I remember Peter Jackson saying he wanted to tell Tolkien’s story. It’s too bad modern day adaptations don’t have that respect for source material. Wheel of Time comes to mind. That showrunner is more concerned with lgbt representation than actually adapting the story. And I have no hope for the new show based on the Simarillion (which I’ll read after I finish the trilogy).
Keep reading good works.
Do good deeds.
Don't consume modern garbage.
Yea, I’ve reached a point when a movie is being made based on a book I’ve never read I just get the book. Like Foundation is on my stack to read. Recently read Dune
Asimov's "Foundation" so impressed the young OBL that years later he chose it as the name for his organisation (Al Qaeda) and also inspired his grand vision in general.
Really?! I never heard that. Wow
I've watched the first 3 episodes of Foundation. It's literally an analogy for the death of European culture and the the rise of black feminist culture. Stopped watching it.
Is the show really that much worse than the books?
And from your description of the analogy you could take it either way - that is the social commentary on the destruction in European culture being good OR bad.
I can't compare it to the books since I've not read them, but the theme in the first three episodes is definitely PC and racially based. You have the old empire that is controlled by a white patriarchy prophesied to die and the heroes are two black women from unprivileged origins who acknowledge that it cannot be saved, only changed.

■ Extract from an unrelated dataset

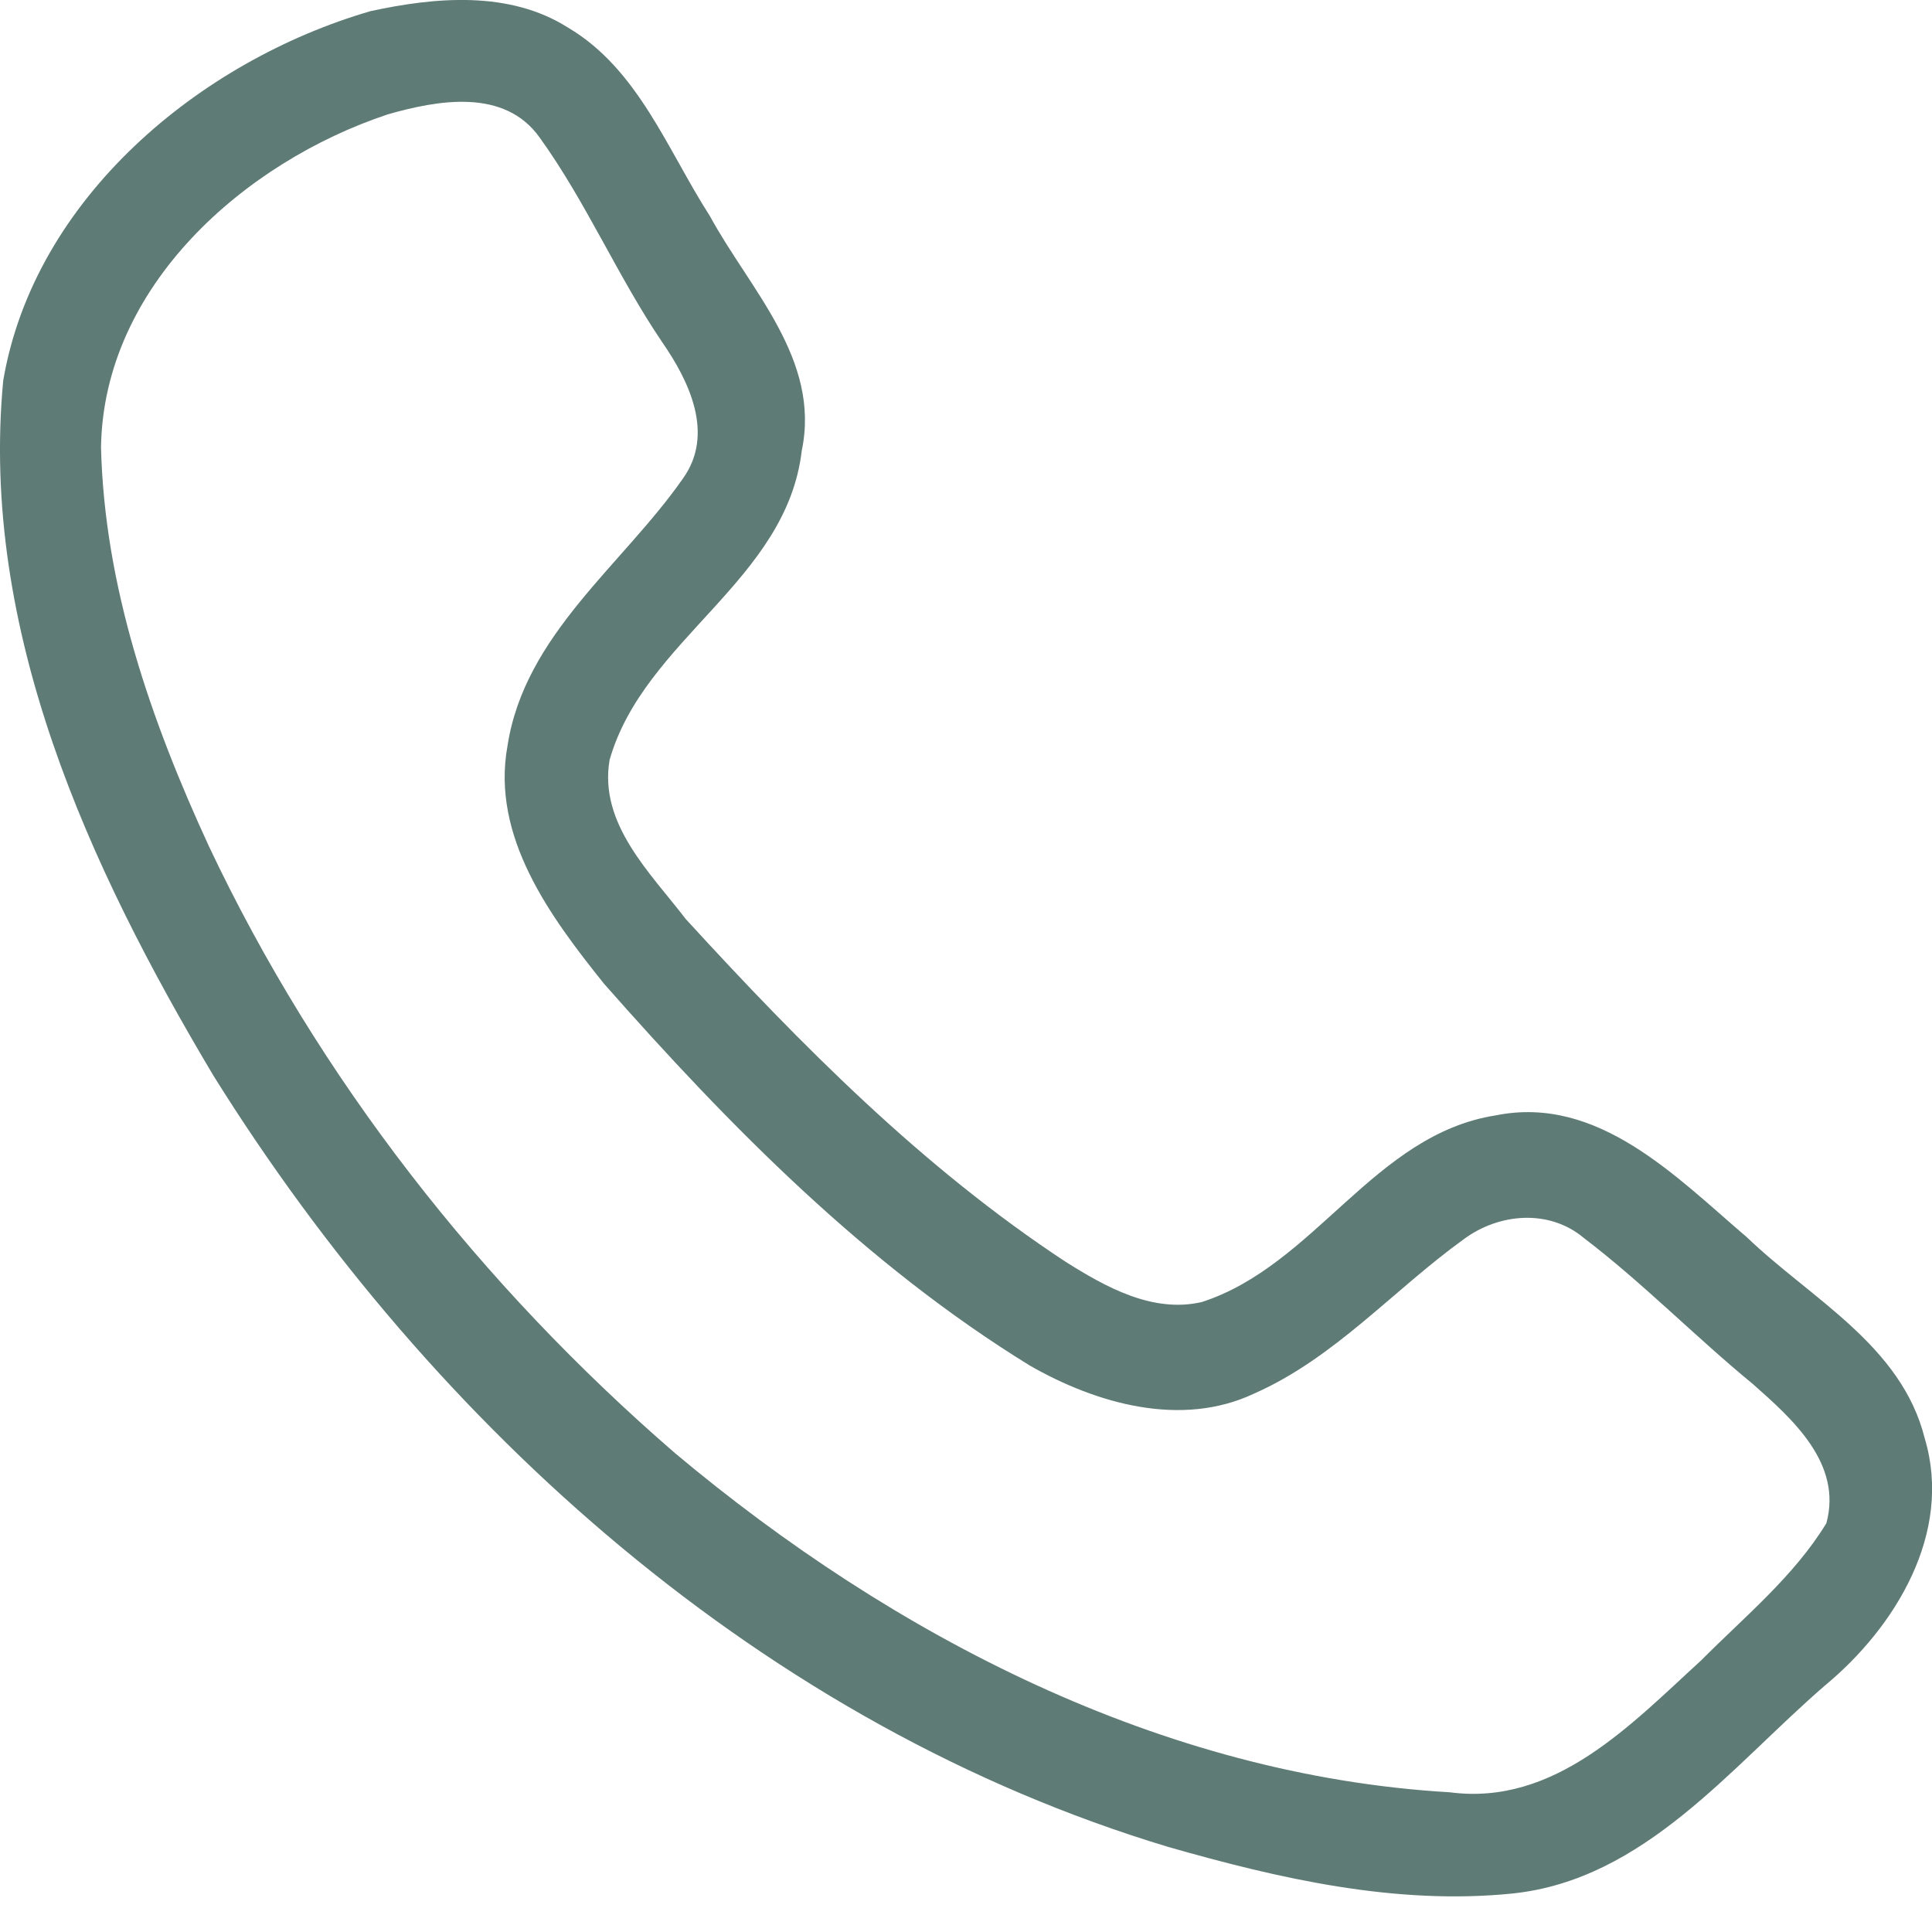 <svg width="28" height="28" viewBox="0 0 28 28" fill="none" xmlns="http://www.w3.org/2000/svg">
<path d="M5.368 0.162C6.307 -0.042 7.381 -0.14 8.232 0.4C9.25 1.001 9.674 2.176 10.287 3.129C10.865 4.193 11.897 5.209 11.62 6.529C11.401 8.417 9.336 9.261 8.835 11.012C8.675 11.939 9.427 12.651 9.939 13.32C11.608 15.143 13.369 16.922 15.441 18.285C16.023 18.652 16.705 19.035 17.418 18.87C19.061 18.338 19.915 16.441 21.677 16.165C23.16 15.865 24.294 17.059 25.317 17.931C26.247 18.825 27.559 19.498 27.895 20.847C28.305 22.215 27.47 23.583 26.447 24.429C25.085 25.606 23.835 27.242 21.921 27.442C20.233 27.614 18.544 27.229 16.927 26.766C11.099 25.009 6.288 20.708 3.095 15.592C1.292 12.568 -0.297 9.125 0.047 5.513C0.5 2.868 2.899 0.881 5.368 0.162ZM5.613 1.66C3.543 2.35 1.502 4.145 1.464 6.479C1.512 8.499 2.187 10.442 3.026 12.261C4.619 15.635 6.971 18.628 9.783 21.06C12.947 23.713 16.842 25.733 21.01 25.975C22.535 26.177 23.636 24.993 24.657 24.061C25.286 23.428 25.999 22.846 26.469 22.076C26.705 21.209 25.976 20.564 25.401 20.056C24.566 19.37 23.81 18.594 22.952 17.94C22.448 17.518 21.721 17.583 21.215 17.959C20.194 18.695 19.343 19.682 18.175 20.197C17.118 20.696 15.883 20.341 14.922 19.789C12.556 18.332 10.582 16.332 8.753 14.256C7.98 13.291 7.114 12.129 7.355 10.81C7.603 9.197 9.019 8.194 9.897 6.936C10.36 6.291 9.988 5.524 9.597 4.959C8.95 4.005 8.497 2.932 7.825 1.999C7.314 1.271 6.342 1.451 5.614 1.659L5.613 1.66Z" fill="#5F7B76"/>
</svg>

It's a message that is all too similar to other modern envisionings of our ethos of heroes: death to whitey, especially white heterosexual men.
Like in West World, all the women kill all the men, Mad Maxx when our hero spends half the movie shackled and gagged, Star Trek Discovery when in the first 15 minutes of episode 1 the black klingon tells the white klingon that his color is a problem for him, The Last Jedi when Solo is killed off and the only white character that everyone wants to be a hero is side lined by feminist ideologies.

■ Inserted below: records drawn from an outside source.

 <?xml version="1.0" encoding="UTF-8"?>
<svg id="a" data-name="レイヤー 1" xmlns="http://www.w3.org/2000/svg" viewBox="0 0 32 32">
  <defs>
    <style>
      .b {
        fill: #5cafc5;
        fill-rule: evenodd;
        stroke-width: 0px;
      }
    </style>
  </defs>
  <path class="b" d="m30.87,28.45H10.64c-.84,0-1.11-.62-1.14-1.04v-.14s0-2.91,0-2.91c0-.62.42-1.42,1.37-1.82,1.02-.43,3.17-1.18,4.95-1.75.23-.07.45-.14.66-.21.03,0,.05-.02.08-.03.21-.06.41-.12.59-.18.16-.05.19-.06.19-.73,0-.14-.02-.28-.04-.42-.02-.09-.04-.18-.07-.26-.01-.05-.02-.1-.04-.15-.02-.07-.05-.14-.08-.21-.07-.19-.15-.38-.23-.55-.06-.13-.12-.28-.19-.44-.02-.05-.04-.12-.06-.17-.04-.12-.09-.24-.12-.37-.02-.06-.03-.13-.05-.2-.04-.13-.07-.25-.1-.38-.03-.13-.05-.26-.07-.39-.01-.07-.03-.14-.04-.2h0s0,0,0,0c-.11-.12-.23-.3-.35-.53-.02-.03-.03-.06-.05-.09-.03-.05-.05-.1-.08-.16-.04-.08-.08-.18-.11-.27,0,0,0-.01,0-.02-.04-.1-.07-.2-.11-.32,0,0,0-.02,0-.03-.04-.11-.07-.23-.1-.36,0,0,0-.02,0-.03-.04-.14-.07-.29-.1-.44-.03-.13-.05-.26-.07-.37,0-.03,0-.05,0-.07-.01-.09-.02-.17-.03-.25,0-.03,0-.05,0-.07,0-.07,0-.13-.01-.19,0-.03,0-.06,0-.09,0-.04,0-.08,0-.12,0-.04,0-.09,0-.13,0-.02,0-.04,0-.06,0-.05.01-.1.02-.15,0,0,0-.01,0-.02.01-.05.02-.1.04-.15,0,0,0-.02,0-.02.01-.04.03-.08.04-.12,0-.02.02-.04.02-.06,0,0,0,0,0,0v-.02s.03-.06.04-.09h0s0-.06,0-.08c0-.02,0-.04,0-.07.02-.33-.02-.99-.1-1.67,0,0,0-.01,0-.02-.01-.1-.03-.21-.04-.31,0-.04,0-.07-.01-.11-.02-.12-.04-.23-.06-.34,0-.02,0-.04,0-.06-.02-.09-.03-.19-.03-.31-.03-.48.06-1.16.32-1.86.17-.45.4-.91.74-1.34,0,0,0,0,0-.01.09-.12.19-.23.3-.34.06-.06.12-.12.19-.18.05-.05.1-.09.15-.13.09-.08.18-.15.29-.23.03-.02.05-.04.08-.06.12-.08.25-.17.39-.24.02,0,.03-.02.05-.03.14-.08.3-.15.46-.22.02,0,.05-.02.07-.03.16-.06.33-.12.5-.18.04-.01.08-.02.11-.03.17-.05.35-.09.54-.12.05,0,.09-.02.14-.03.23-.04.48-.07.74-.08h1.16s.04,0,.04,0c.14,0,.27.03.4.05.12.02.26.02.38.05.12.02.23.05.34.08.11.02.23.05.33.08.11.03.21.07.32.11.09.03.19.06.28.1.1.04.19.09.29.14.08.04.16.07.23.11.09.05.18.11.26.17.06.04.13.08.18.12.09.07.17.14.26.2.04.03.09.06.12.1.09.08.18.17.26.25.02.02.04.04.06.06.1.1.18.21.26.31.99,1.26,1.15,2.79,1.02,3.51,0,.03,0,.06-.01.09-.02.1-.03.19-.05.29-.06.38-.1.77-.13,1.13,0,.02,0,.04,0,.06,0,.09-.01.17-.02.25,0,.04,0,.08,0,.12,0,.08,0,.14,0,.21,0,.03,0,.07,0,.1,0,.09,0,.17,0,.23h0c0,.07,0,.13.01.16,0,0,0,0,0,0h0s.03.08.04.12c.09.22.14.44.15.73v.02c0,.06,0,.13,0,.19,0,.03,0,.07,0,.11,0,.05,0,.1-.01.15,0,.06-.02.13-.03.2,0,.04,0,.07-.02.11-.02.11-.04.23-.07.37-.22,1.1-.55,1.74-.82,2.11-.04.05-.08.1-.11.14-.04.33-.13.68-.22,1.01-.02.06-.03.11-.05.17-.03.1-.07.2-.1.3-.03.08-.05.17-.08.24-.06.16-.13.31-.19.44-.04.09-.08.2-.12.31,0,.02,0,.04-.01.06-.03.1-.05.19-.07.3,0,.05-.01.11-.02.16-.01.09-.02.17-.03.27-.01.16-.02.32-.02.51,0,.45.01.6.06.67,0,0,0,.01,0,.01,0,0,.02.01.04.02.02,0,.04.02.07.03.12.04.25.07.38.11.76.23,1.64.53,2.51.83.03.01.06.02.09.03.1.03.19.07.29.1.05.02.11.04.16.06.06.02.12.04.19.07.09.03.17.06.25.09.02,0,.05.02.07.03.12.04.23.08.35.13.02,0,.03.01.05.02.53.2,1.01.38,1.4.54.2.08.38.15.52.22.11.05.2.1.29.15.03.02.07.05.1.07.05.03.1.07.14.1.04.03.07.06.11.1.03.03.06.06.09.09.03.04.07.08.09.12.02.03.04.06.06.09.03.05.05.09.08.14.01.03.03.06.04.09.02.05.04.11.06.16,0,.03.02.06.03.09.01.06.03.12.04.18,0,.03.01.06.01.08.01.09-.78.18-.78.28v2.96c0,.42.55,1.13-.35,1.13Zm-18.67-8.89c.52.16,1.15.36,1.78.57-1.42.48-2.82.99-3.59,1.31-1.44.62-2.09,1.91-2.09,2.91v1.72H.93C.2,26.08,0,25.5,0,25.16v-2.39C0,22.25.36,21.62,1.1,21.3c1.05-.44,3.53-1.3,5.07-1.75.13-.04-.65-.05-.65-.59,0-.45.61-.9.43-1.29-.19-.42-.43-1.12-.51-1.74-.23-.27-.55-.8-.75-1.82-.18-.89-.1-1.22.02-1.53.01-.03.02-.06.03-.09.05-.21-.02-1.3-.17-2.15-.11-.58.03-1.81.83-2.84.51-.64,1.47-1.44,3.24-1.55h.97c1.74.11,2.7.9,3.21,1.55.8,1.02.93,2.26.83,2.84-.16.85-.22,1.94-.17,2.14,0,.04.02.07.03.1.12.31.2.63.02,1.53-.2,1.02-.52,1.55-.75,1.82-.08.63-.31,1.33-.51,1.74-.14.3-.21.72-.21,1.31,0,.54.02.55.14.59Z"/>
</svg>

The black female leads are portrayed as heroes. The white male leads are portrayed as antagonists. Not sure how you can interpret it any other way.
I had no interest when I saw the race/gender swapping. There is no reason to do that unless you want to virtue signal
"You are what you eat" applies to your brain too.
Hooray! I'm a catgirl! A Yuri one at that...
(I read and watch a lot of catgirl manga & anime, it's true! I'm a guy eh?)
You're in for a fun journey!
I remember reading it as a kid but lost interest about half way through The Two Towers (fwiw, I was in elementary school at the time) then later on in middle and highschool got on the "Tolkien is overrated" bandwagon. Finally read through the series back in 2017 and not only did I enjoy it but I was old enough to really appreciate it and understand why Tolkein has the amount of esteem and regard he has.
A far better author than the legions of fantasy hacks (incl George R. R. Martin) we've seen since. And honestly, I think I'd go as far as to say classifying his work as "fantasy" is an insult to his writing.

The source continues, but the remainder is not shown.